RAID Basics
What is RAID?
Depending on who you ask, RAID either
stands for Redundant Array of Inexpensive
Disks, or Redundant Array of Independent
Disks.
Adherents
to the former school of thought, point
out (and quite rightly too) that the word
"Inexpensive" was used by the
scientists at the University of California
at Berkeley who first conceived of RAID.
Detractors however, note that hard drives
are anything but "Inexpensive,"
and that "Independent," would
have been a more apt term.
Whatever the acrimony over acronyms, the original meaning of RAID
seems much more appropriate today than it did in 1987 when Patterson,
Gibson, and Katz published a paper entitled, "A Case for Redundant
Arrays of Inexpensive Disks." Hard drives after all, are
cheaper than ever before, offering gargantuan storage capacities
at relatively low prices.
Research on RAID
Researchers came up with the idea of
RAID while looking for ways to improve
hard drive storage reliability and performance.

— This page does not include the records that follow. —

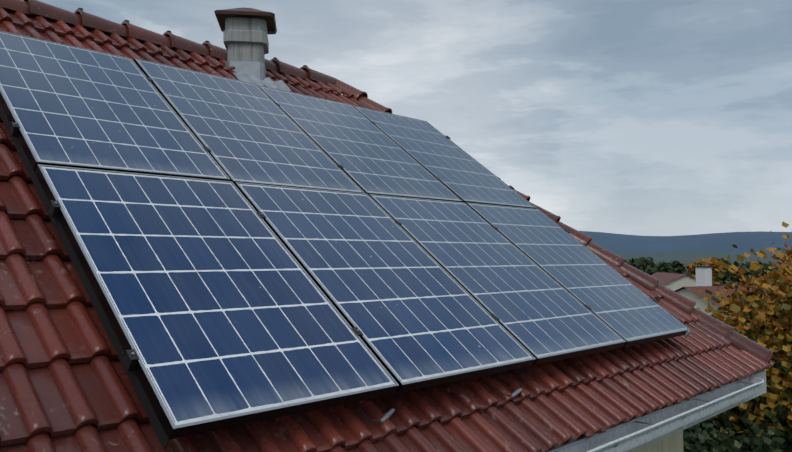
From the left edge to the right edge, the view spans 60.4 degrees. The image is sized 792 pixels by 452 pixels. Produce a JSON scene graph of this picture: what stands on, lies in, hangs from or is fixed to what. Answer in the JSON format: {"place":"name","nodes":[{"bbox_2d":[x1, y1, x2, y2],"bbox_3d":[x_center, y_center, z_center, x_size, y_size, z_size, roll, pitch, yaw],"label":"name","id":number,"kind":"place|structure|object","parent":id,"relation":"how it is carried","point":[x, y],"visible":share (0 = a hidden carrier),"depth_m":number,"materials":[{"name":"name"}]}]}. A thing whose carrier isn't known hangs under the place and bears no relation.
{"place":"outdoors","nodes":[
{"label":"outdoors","id":0,"kind":"place"},
{"bbox_2d":[38,0,791,235],"label":"sky","id":1,"kind":"structure","parent":0,"point":[628,117],"materials":[{"name":"grey"}]},
{"bbox_2d":[636,430,682,451],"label":"house wall","id":2,"kind":"structure","parent":0,"point":[673,443],"depth_m":4.89,"materials":[{"name":"beige paint"}]},
{"bbox_2d":[547,370,765,451],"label":"eave fascia","id":3,"kind":"structure","parent":2,"relation":"on","point":[761,374],"depth_m":4.50,"materials":[{"name":"paint"}]},
{"bbox_2d":[6,20,762,449],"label":"roof deck","id":4,"kind":"structure","parent":3,"relation":"on","point":[550,448],"depth_m":4.30,"materials":[{"name":"wood"}]},
{"bbox_2d":[0,0,336,85],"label":"ridge tiles","id":5,"kind":"object","parent":4,"relation":"on","point":[125,28],"visible":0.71,"depth_m":5.87,"materials":[{"name":"ceramic"}]},
{"bbox_2d":[214,8,276,79],"bbox_3d":[-1.420,-1.488,6.467,0.544,1.175,0.544,-19,-19,82],"label":"chimney","id":6,"kind":"object","parent":4,"relation":"on","point":[246,31],"visible":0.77,"depth_m":6.30,"materials":[{"name":"metal"}]},
{"bbox_2d":[0,7,774,451],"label":"roof tiles","id":7,"kind":"object","parent":4,"relation":"attached to","point":[66,385],"visible":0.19,"depth_m":3.02,"materials":[{"name":"ceramic"}]},
{"bbox_2d":[233,71,291,91],"bbox_3d":[-1.219,-1.323,6.262,0.540,0.050,0.200,3,33,-45],"label":"chimney flashing","id":8,"kind":"object","parent":7,"relation":"on","point":[257,80],"visible":0.77,"depth_m":6.26,"materials":[{"name":"silver metal"}]},
{"bbox_2d":[0,77,657,449],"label":"panel mounting frame","id":9,"kind":"object","parent":7,"relation":"on","point":[129,359],"visible":0.27,"depth_m":2.74,"materials":[{"name":"metal"}]},
{"bbox_2d":[0,31,230,180],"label":"solar panel","id":10,"kind":"object","parent":9,"relation":"attached to","point":[64,105],"visible":0.79,"depth_m":3.88,"materials":[{"name":"blue"}]},
{"bbox_2d":[35,164,398,439],"bbox_3d":[-0.832,0.217,3.033,1.030,0.050,1.650,3,33,-45],"label":"solar panel","id":11,"kind":"object","parent":9,"relation":"attached to","point":[221,311],"visible":1,"depth_m":2.86,"materials":[{"name":"blue"}]},
{"bbox_2d":[134,58,364,192],"bbox_3d":[-1.053,-0.694,4.769,1.030,0.050,1.650,3,33,-45],"label":"solar panel","id":12,"kind":"object","parent":9,"relation":"attached to","point":[247,132],"visible":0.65,"depth_m":4.67,"materials":[{"name":"blue"}]},
{"bbox_2d":[258,85,462,201],"bbox_3d":[-0.316,-0.660,5.516,1.030,0.050,1.650,2,33,-45],"label":"solar panel","id":13,"kind":"object","parent":9,"relation":"attached to","point":[368,155],"visible":0.81,"depth_m":5.43,"materials":[{"name":"blue"}]},
{"bbox_2d":[235,182,535,392],"bbox_3d":[-0.094,0.251,3.780,1.030,0.050,1.650,3,33,-45],"label":"solar panel","id":14,"kind":"object","parent":9,"relation":"attached to","point":[407,305],"visible":0.88,"depth_m":3.64,"materials":[{"name":"blue"}]},
{"bbox_2d":[353,105,535,208],"bbox_3d":[0.421,-0.626,6.263,1.030,0.050,1.650,3,32,-45],"label":"solar panel","id":15,"kind":"object","parent":9,"relation":"attached to","point":[461,174],"visible":0.75,"depth_m":6.18,"materials":[{"name":"blue"}]},
{"bbox_2d":[369,194,626,364],"bbox_3d":[0.643,0.284,4.527,1.030,0.052,1.650,3,33,-45],"label":"solar panel","id":16,"kind":"object","parent":9,"relation":"attached to","point":[542,315],"visible":0.9,"depth_m":4.41,"materials":[{"name":"blue"}]},
{"bbox_2d":[466,202,689,346],"bbox_3d":[1.380,0.318,5.274,1.030,0.050,1.650,3,33,-45],"label":"solar panel","id":17,"kind":"object","parent":9,"relation":"attached to","point":[628,311],"visible":0.79,"depth_m":5.17,"materials":[{"name":"blue"}]},
{"bbox_2d":[356,330,690,422],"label":"pv cables","id":18,"kind":"object","parent":7,"relation":"on","point":[389,413],"visible":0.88,"depth_m":3.03,"materials":[{"name":"black plastic"}]},
{"bbox_2d":[335,79,772,361],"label":"hip tiles","id":19,"kind":"object","parent":7,"relation":"on","point":[677,300],"visible":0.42,"depth_m":6.14,"materials":[{"name":"ceramic"}]},
{"bbox_2d":[553,376,763,451],"bbox_3d":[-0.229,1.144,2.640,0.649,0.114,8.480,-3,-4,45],"label":"gutter","id":20,"kind":"object","parent":3,"relation":"on","point":[633,435],"visible":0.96,"depth_m":4.21,"materials":[{"name":"metal"}]},
{"bbox_2d":[651,272,695,290],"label":"neighbour house","id":21,"kind":"structure","parent":0,"point":[673,281],"depth_m":82.42,"materials":[{"name":"beige"}]},
{"bbox_2d":[579,231,791,252],"bbox_3d":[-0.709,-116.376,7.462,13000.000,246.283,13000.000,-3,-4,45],"label":"hills","id":22,"kind":"structure","parent":0,"point":[745,242],"depth_m":3329.43,"materials":[{"name":"blue"}]},
{"bbox_2d":[615,252,791,261],"bbox_3d":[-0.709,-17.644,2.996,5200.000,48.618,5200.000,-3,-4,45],"label":"hills","id":23,"kind":"structure","parent":0,"point":[676,256],"depth_m":999.82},
{"bbox_2d":[654,262,790,451],"bbox_3d":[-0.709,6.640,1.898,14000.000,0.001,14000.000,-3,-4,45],"label":"ground","id":24,"kind":"structure","parent":0,"point":[684,265],"depth_m":513.50,"materials":[{"name":"green plant"}]},
{"bbox_2d":[624,258,647,273],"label":"tree","id":25,"kind":"object","parent":24,"relation":"on","point":[637,264],"visible":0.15,"depth_m":122.97,"materials":[{"name":"green plant"}]},
{"bbox_2d":[632,257,653,273],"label":"tree","id":26,"kind":"object","parent":24,"relation":"on","point":[645,261],"visible":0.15,"depth_m":159.69,"materials":[{"name":"green plant"}]},
{"bbox_2d":[645,263,677,274],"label":"tree","id":27,"kind":"object","parent":24,"relation":"on","point":[654,268],"visible":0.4,"depth_m":133.13,"materials":[{"name":"green plant"}]},
{"bbox_2d":[657,260,685,273],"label":"tree","id":28,"kind":"object","parent":24,"relation":"on","point":[678,267],"visible":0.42,"depth_m":142.15,"materials":[{"name":"green plant"}]},
{"bbox_2d":[684,256,729,285],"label":"tree","id":29,"kind":"object","parent":24,"relation":"on","point":[715,264],"visible":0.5,"depth_m":125.05,"materials":[{"name":"orange plant"}]},
{"bbox_2d":[715,257,732,282],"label":"tree","id":30,"kind":"object","parent":24,"relation":"on","point":[724,278],"visible":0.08,"depth_m":162.10,"materials":[{"name":"green plant"}]},
{"bbox_2d":[683,393,791,451],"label":"bush","id":31,"kind":"object","parent":24,"relation":"on","point":[703,436],"visible":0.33,"depth_m":19.40,"materials":[{"name":"green plant"}]},
{"bbox_2d":[724,261,754,283],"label":"tree","id":32,"kind":"object","parent":24,"relation":"on","point":[727,273],"visible":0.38,"depth_m":154.93,"materials":[{"name":"green plant"}]},
{"bbox_2d":[696,222,791,451],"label":"tree","id":33,"kind":"object","parent":24,"relation":"on","point":[767,323],"visible":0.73,"depth_m":20.56,"materials":[{"name":"yellow plant"}]},
{"bbox_2d":[740,262,768,278],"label":"tree","id":34,"kind":"object","parent":24,"relation":"on","point":[747,265],"visible":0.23,"depth_m":154.26,"materials":[{"name":"green plant"}]},
{"bbox_2d":[675,266,786,319],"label":"neighbour house","id":35,"kind":"structure","parent":0,"point":[703,278],"depth_m":52.73,"materials":[{"name":"beige"}]}
]}

The concept initially consisted of clustering
small, "inexpensive" disk drives
together into an array so that the array
would appear to the system as a single
logical drive.
During initial testing, it was discovered that an array of drives
could actually deliver performance exceeding that of single, more
expensive hard drives.
There was just one problem however -- a problem which underscores
the importance of RAID data recovery. The Mean Time Before Failure (the
average time before a failure will occur) in a RAID, was reduced
due to the probability of any one drive in the array failing. Consequently,
researchers proposed five levels of RAID
to provide a balance between performance and data protection.